- Original language: English
- Written by: Doug Wright
- Subject: sculpting, legacy, art, death
- Genre: Drama
- Setting: 1901 Norway

Premiere
- Date: 25 February 2015
- Place: Atlantic Theatre Company
- Directed by: Doug Wright

= Posterity (play) =

2015 play by Doug Wright

Posterity is a 2015 play written and directed by the Pulitzer Prize-award-winning American playwright Doug Wright. The play focuses on the 1901 encounters between Norwegian sculptor Gustav Vigeland and famed playwright Henrik Ibsen, when the latter sat for a series of sessions to have his bust sculpted.

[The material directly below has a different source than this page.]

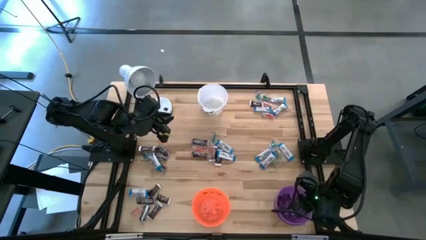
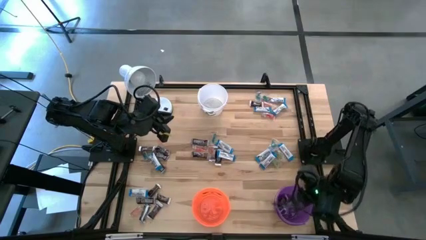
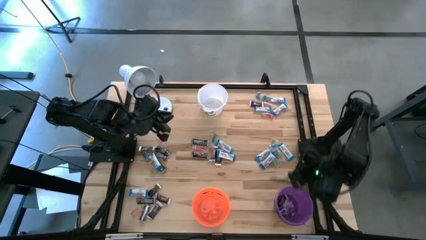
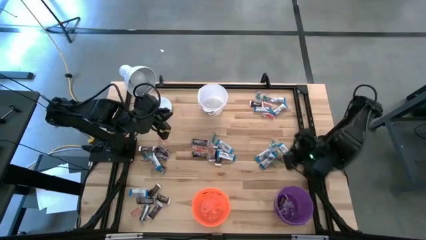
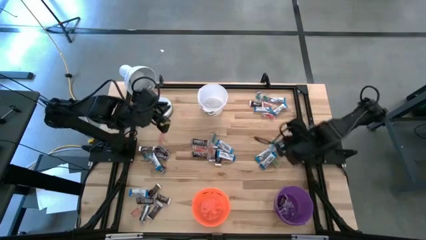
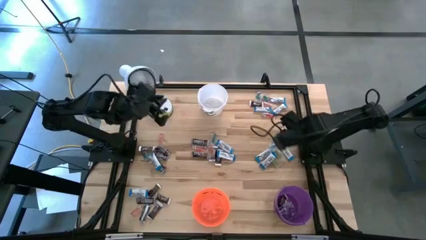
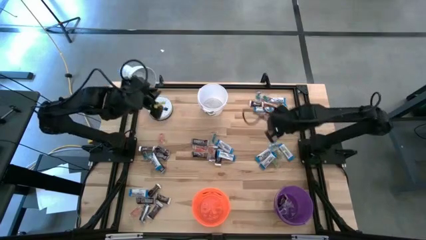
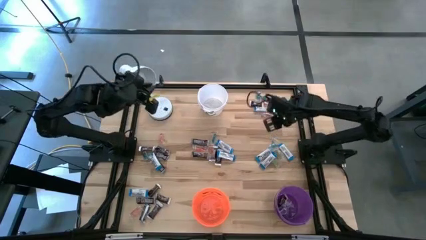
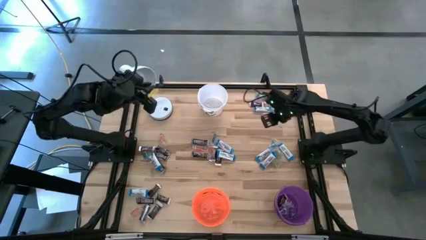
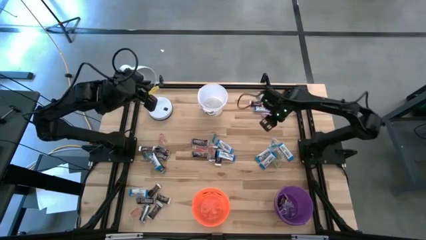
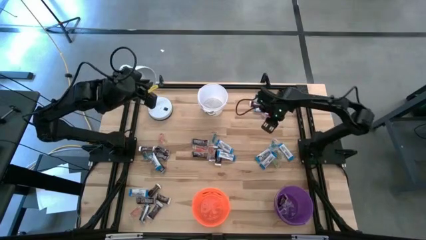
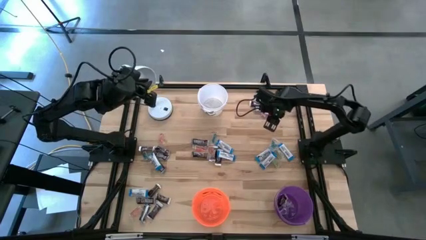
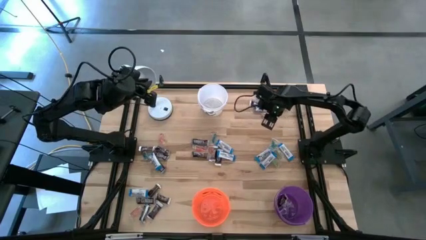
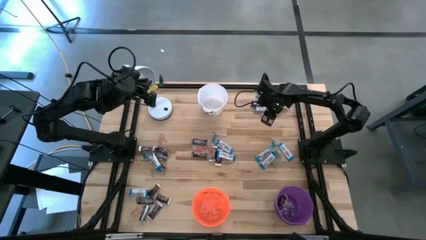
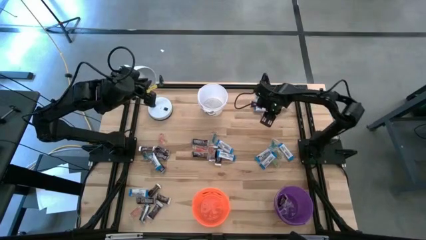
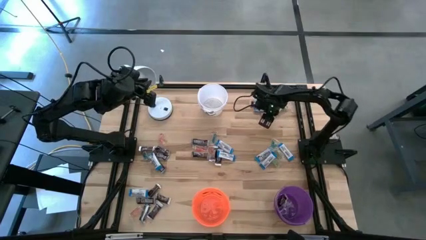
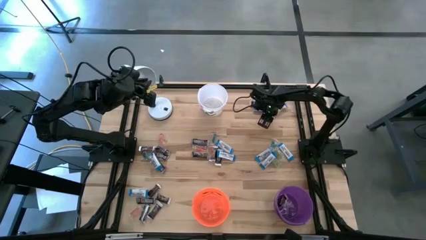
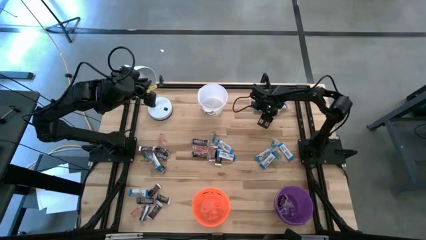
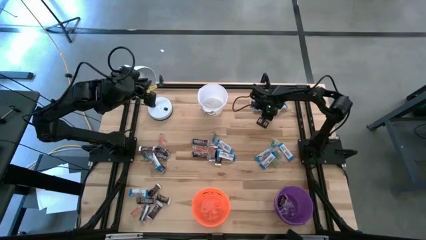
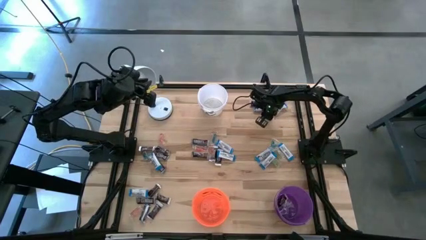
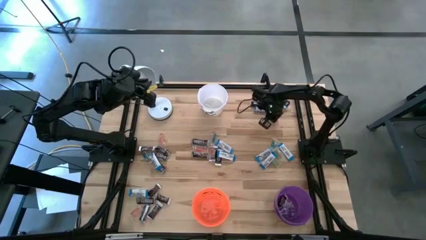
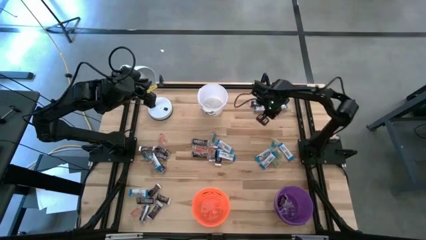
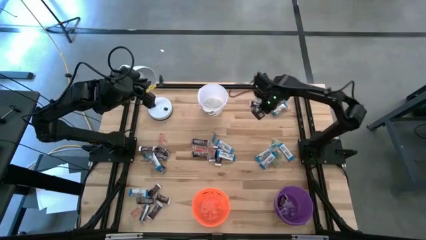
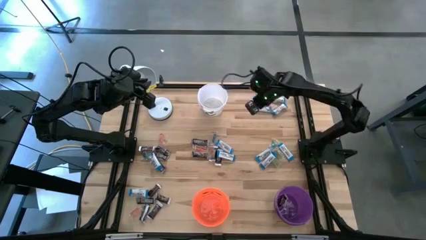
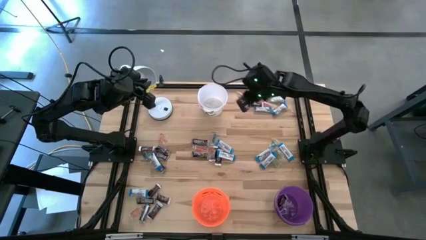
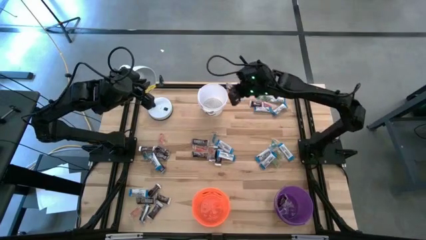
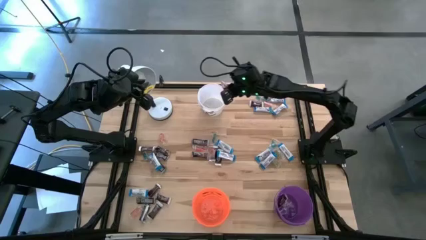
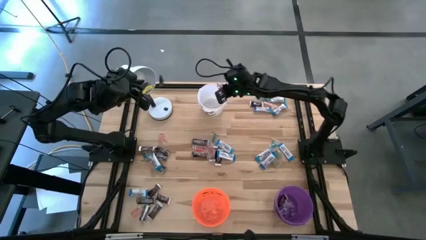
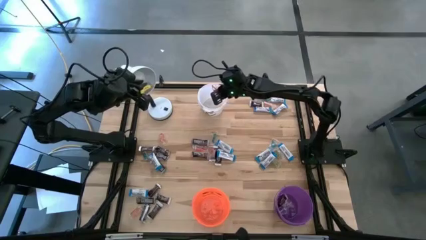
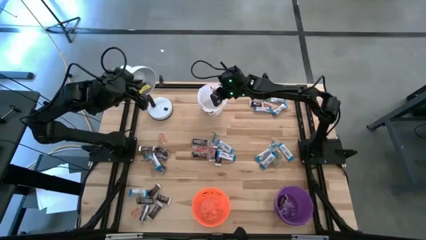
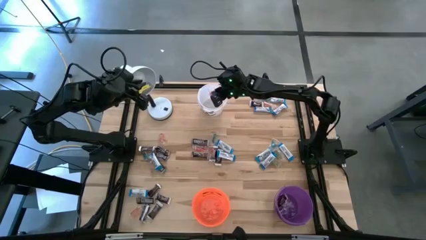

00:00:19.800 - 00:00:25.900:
Task: Organize candy in baskets
Put the orange gummy into the white bucket

It premiered off-Broadway at the Atlantic Theatre Company's Linda Gross Theater

== Summary ==
Norway's most celebrated sculptor Gustav Vigeland (Linklater) is commissioned to create the last official portrait of the country's most famous writer, but Henrik Ibsen (Noble) proves to be an irascible, contentious sitter, as the two men wage war over both his legacy and his likeness.

== Cast ==

| Character | Atlantic Theatre Company 2015 |
|---|---|
| Gustav Vigeland | Hamish Linklater |
| Henrik Ibsen | John Noble |
| Greta Bergstrom | Dale Soules |
| Sophus Larpent | Henry Stram |
| Anfinn Beck | Mickey Theis |

== Productions ==
The production premiered at the Atlantic Theatre Company's Linda Gross Theatre in 2015 running from February 25 through April 5.

== Reception ==

=== Critical reception ===
Critical reception for the play was mostly positive with some mixed reviews. David Cote of Time Out New York praised Wright in particular writing, "[He] makes ideas dance and grounds them in rich, feeling characters. Like a good sculptor, he makes dense material breathe true. Wright directs with a nice balance of pomp and earthy sass". The Hollywood Reporter praised Wright for his writing declaring "[it's] undeniably smart in a historically educational sort of way, and the insightful dialogue illuminates both main characters" but criticized his direction describing it as "staging is self-indulgent to the point of tedium. But he has elicited fine performances from the two leads".